Tesco begins fight back with cost cuts and asset sales

Reuters Updated - January 24, 2018 at 01:37 PM.

Britain's biggest grocer Tesco plans to sell assets and cut hundreds of millions of pounds of costs to fund lower prices in store as part of its plan to fight back from the biggest crisis in its 95-year-history.

Seeking to recover from four profit warnings and an accounting scandal last year, new Tesco boss Dave Lewis unveiled his plan alongside a trading update showing a marked improvement in trading.

Like-for-like sales at Christmas were down 0.5 per cent, compared with a 4.4 per cent fall in the previous three months.

With the company's pension deficit and debt levels growing, Tesco said it would reduce its capital expenditure for next year to £1 billion ($1.5 billion), from up to £2.1 billion this year and cut costs by £250 million a year.

It will also explore the sale of its Dunnhumby data business, not pay a final dividend, and will consult on a plan to close its defined benefit pension scheme to all colleagues.
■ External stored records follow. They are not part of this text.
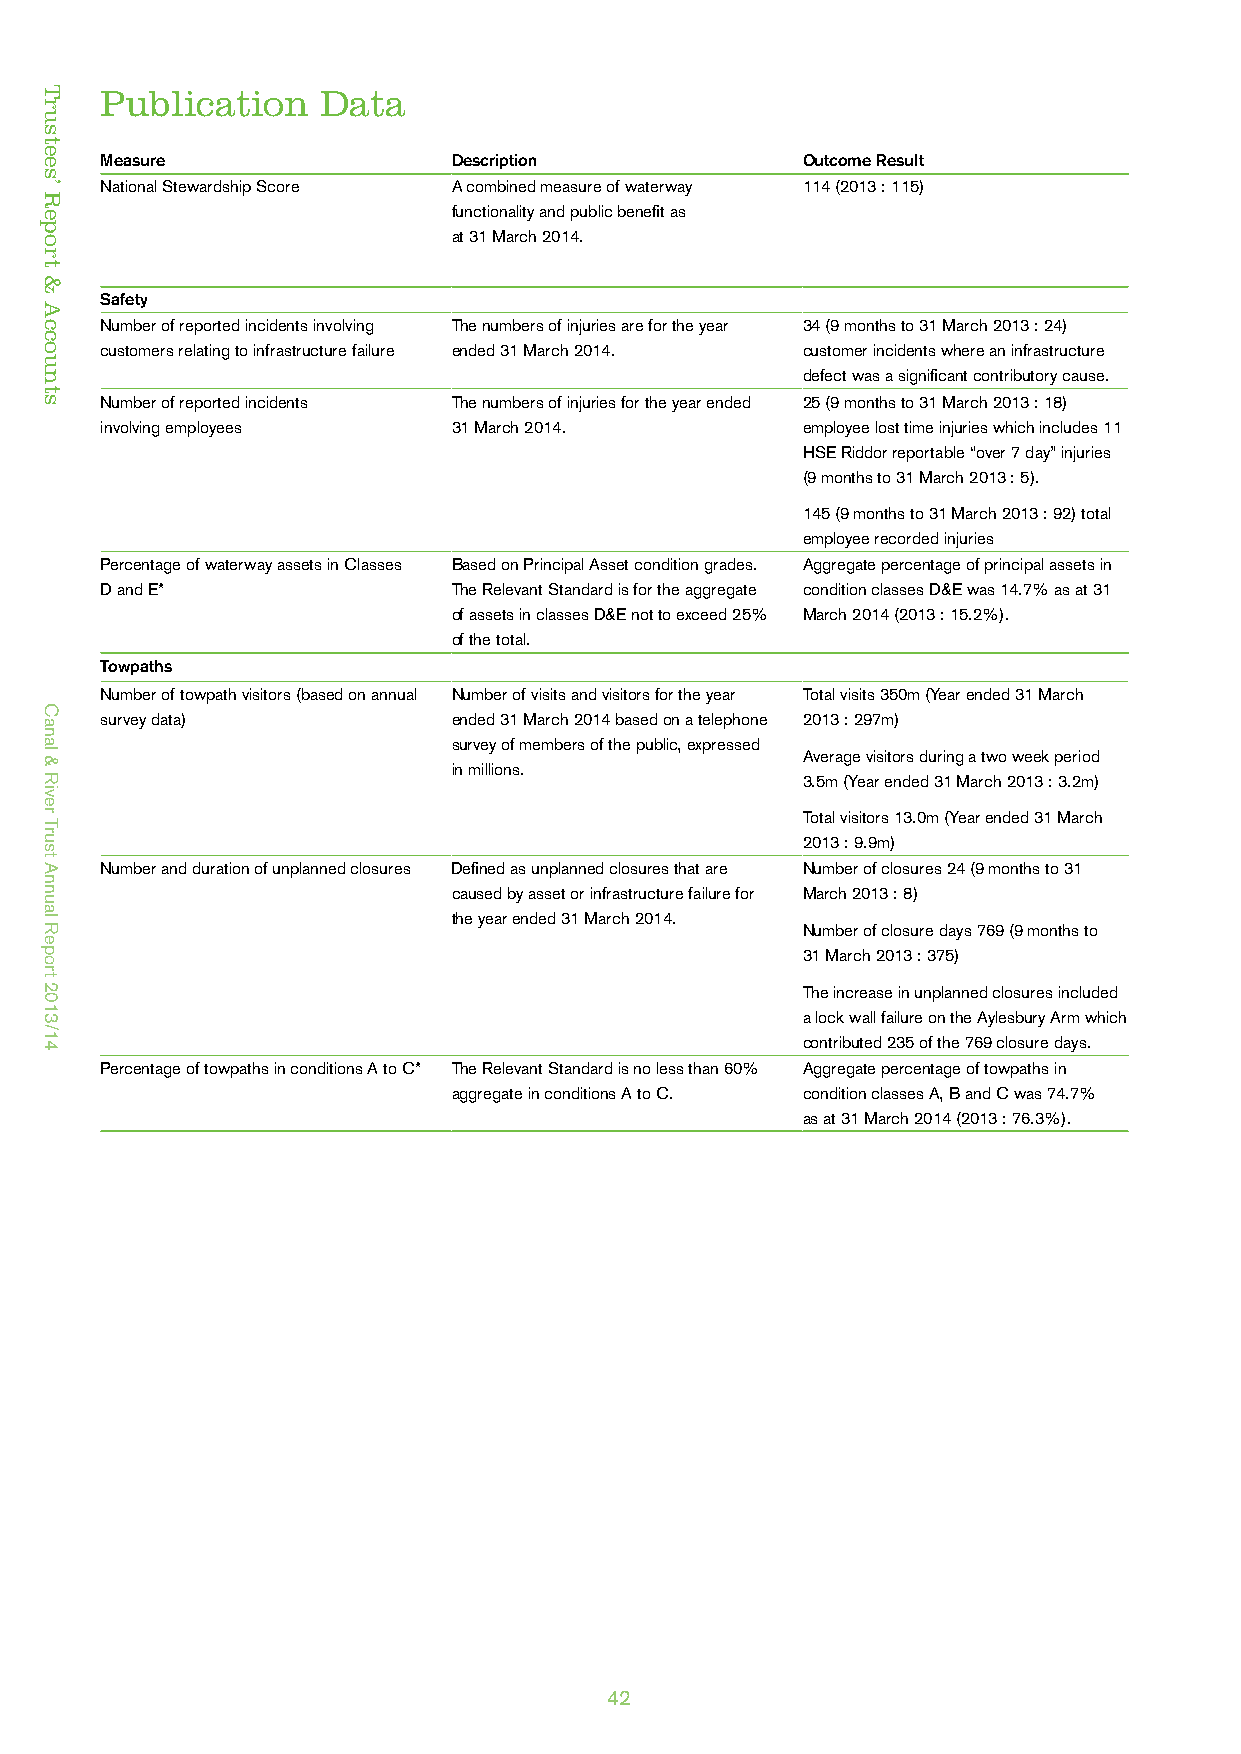
Publication   Data
 Measure                Description            Outcome Result
 National Stewardship Score A combined measure of waterway 114 (2013 : 115)
 functionality and public benefit as
 at 31 March 2014.
 Safety
 Number of reported incidents involving The numbers of injuries are for the year 34 (9 months to 31 March 2013 : 24)
 customers relating to infrastructure failure ended 31 March 2014. customer incidents where an infrastructure
 defect was a significant contributory cause.
 Number of reported incidents The numbers of injuries for the year ended 25 (9 months to 31 March 2013 : 18)
 involving employees    31 March 2014.         employee lost time injuries which includes 11
 HSE Riddor reportable “over 7 day” injuries
 (9 months to 31 March 2013 : 5).
 145 (9 months to 31 March 2013 : 92) total
 employee recorded injuries
 Percentage of waterway assets in Classes Based on Principal Asset condition grades. Aggregate percentage of principal assets in
 D and E*               The Relevant Standard is for the aggregate condition classes D&E was 14.7% as at 31
 of assets in classes D&E not to exceed 25% March 2014 (2013 : 15.2%).
 of the total.
 Towpaths
 Number of towpath visitors (based on annual Number of visits and visitors for the year Total visits 350m (Year ended 31 March
 survey data)           ended 31 March 2014 based on a telephone 2013 : 297m)
 survey of members of the public, expressed
 Average visitors during a two week period
 in millions.
 3.5m (Year ended 31 March 2013 : 3.2m)
 Total visitors 13.0m (Year ended 31 March
 2013 : 9.9m)
 Number and duration of unplanned closures Defined as unplanned closures that are Number of closures 24 (9 months to 31
 caused by asset or infrastructure failure for March 2013 : 8)
 the year ended 31 March 2014.
 Number of closure days 769 (9 months to
 31 March 2013 : 375)
 The increase in unplanned closures included
 a lock wall failure on the Aylesbury Arm which
 contributed 235 of the 769 closure days.
 Percentage of towpaths in conditions A to C* The Relevant Standard is no less than 60% Aggregate percentage of towpaths in
 aggregate in conditions A to C. condition classes A, B and C was 74.7%
 as at 31 March 2014 (2013 : 76.3%).
 42
 Trustees’
 Report
 &
 Accounts
 Canal
 &
 River
 Trust
 Annual
 Report
 2013/14
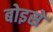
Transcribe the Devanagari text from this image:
बोइसे
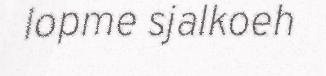
lopme sjalkoeh
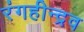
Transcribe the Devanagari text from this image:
रंगहीन्द्रव
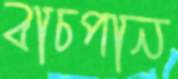
বাচপান
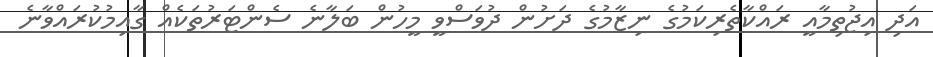
އަދި އިޖުތިމާއީ ރައްކާތެރިކަމުގެ ނިޒާމުގެ ދަށުން ދުވަސްވީ މީހުން ބަލާނެ ސެންޓަރުތަކެއް ގާއިމުކުރައްވާނެ
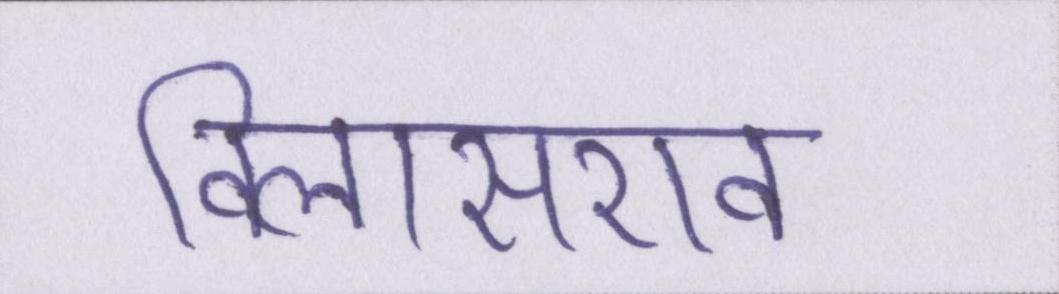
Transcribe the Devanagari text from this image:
विलासराव
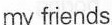
myfriends.
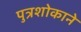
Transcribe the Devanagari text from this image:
पुत्रशोकाने
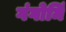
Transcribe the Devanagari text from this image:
गंगोर्मि
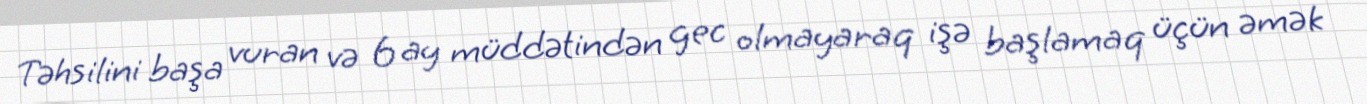
Təhsilini başa vuran və 6 ay müddətindən gec olmayaraq işə başlamaq üçün əmək
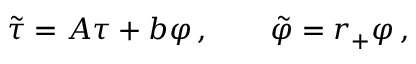
\tilde { \tau } = A \tau + b \varphi \, , \qquad \tilde { \varphi } = r _ { + } \varphi \, ,
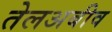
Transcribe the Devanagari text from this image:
तेलअबीव
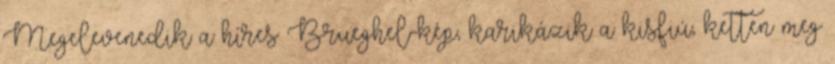
Megelevenedik a híres Brueghel-kép, karikázik a kisfiú, ketten meg
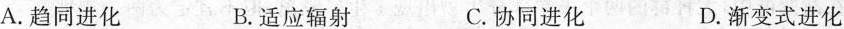
A.趋同进化 B.适应辐射 C.协同进化 D.渐变式进化
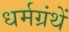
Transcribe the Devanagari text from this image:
धर्मग्रंथें
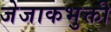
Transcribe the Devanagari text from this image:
जेजाकभुक्ती
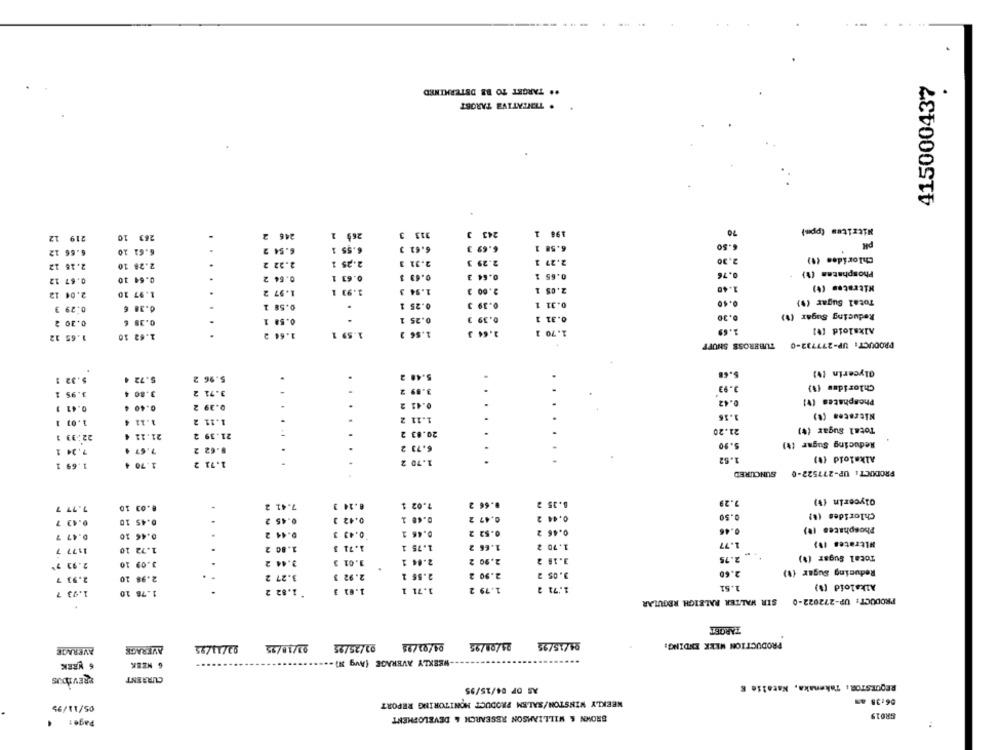
** TARGET TO BE DETERMINED
415000437
. TENTATIVE TAROBT
246 2
269 1
313 3
243 3
198 1
70
Nitrites (ppm)
219 12
263 10
6.62 10
6.54 2
6.55 1
6.62 3
6.69 3
6.58 1
6.50
PH
6.66 12
2.16 12
2.28 10
2.22
2.25 1
2.31
2.29 3
2.27 1
2.30
Chlorides (1)
0.67 12
0.64 10
0.64
0.63 1
0.63 3
0.64 3
0.65 1
0.76
Phosphates (1)
Nitraten (+)
2.04 12
1.97 10
1.97 2
1.93 1
1.94 3
2.00 1
2.05 1
1.40
Total Sugar (%)
0.29 3
0.38 €
0.25 1
0.39 3
0.31 1
0.40
6.30
Reducing Sugar (1)
0.30 2
0.38 €
.
0.58
0,25 1
3
0.39
0.31 1
1.70 1
1.69
Alkaloid [*]
1.65 12
1.62 10
1.64
1.59 1
1.56 3
2.64 3
PRODUCT: UP-277732-0 TUBEROSS SHUFF
5.48 2
Glycerin (V)
5.32 1
5.72 4
5.96 2
.
.
3.80 4
3.71 2
3.89 2
3.93
Chlorides (%)
1.95 1
0.42
Phosphates (V)
0.40 4
0.39 2
0.41 2
0.41 1
Nitraten (*)
1.01 1
1.12 4
1.11 2
1.11 2
Total Sugar (*)
22.33 1
21.11
21.39 2
20.83 2
.
21.20
Reducing Sugar (%)
7.24 1
7.67 4
0.62 2
6.73 2
5.90
1.62
Alkaloid (1)
1.69 1
1.70 4
1.71 2
1.70 2
.
... ..
SUNCURED
PRODUCT : UP-277522-0
8.14 3
7.02 1
2
0.35 2
7.29
Glycerin (%)
7.77 7
8.03 10
7.41 2
0.45 2
0.42 3
0.48 1
2
0.47
0.44 2
0.50
Chlorides (8)
0.43 7
0.45 10
0.46 10
0.44 2
0.43 3
0.46 1
2
0.53
0.46 2
0.46
Phosphates (*)
0.47 7
.
1177 7
1.72 10
1.80 2
1.71 3
1.75 1
2
1.70 2
1.77
Nitrates (*)
Total Sugar (%)
2.93 7*
3.09 10
3.44 2
3.01 3
2.04 1
2
2.90
3.18 2
2.75
.
Reducing Sugar (1)
2.93 7
2.98 10
3.27 2
2.92 3
2.56 1
2.90
3.05 2
2.60
1.51
Alkaloid (%)
1.93 7
1.78 10
1.82 2
1.01 3
1.71 1
2
1.79
1.71 2
SIR WALTER RALEIGH REGULAR
PRODUCT: UP-272022-0
TARGET
92/13/95
93/18/95
03/25/95
04/01/95
21/09/95
94/15/25
PRODUCTION WEEK ENDING:
AVERAGE
AVERAGE
-WEEKLY AVERAGE (Avg M) -
6 WREK
6 NZEK
PREVIOUS
CURRENT
AS OF 04/15/95
REQUESTOR: Takenaka, Natalie E
WEEKLY WINSTON/SALEM PRODUCT MONITORING REPORT
06:38 am
05/11/95
Page :
BROWN & WILLIAMSON RESEARCH & DEVELOPMENT
SRO19
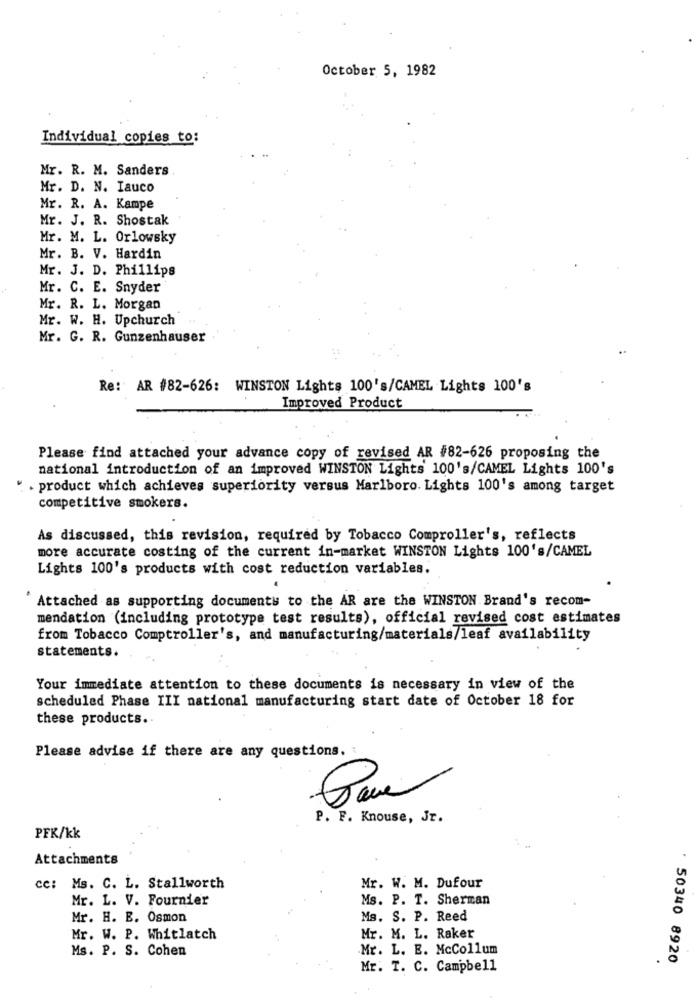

The group said the steps announced on Thursday were just the first in a drive to strengthen the balance sheet and further initiatives to increase shareholder value were under consideration.

Tesco also announced the appointment of Halfords Chief Executive Matt Davies as the new boss of its UK and Ireland business. Davies, who will start in June, is widely credited with turning around the bikes to car parts retailer.

"I am very conscious that the consequences of these changes are significant for all stakeholders in our business but we are facing the reality of the situation," Lewis said in a statement. "There is more to do but we have taken the first important steps in the right direction."

Britain's biggest supermarket group, like rivals Asda, Sainsbury's, and Morrisons, is losing sales to discounters Lidl and Aldi, whose limited ranges of low-priced products are increasingly popular with British shoppers.

Tesco brought in Lewis in September to revive its fortunes but the former Unilever executive was immediately put on the back foot by an accounting scandal and profit downgrades.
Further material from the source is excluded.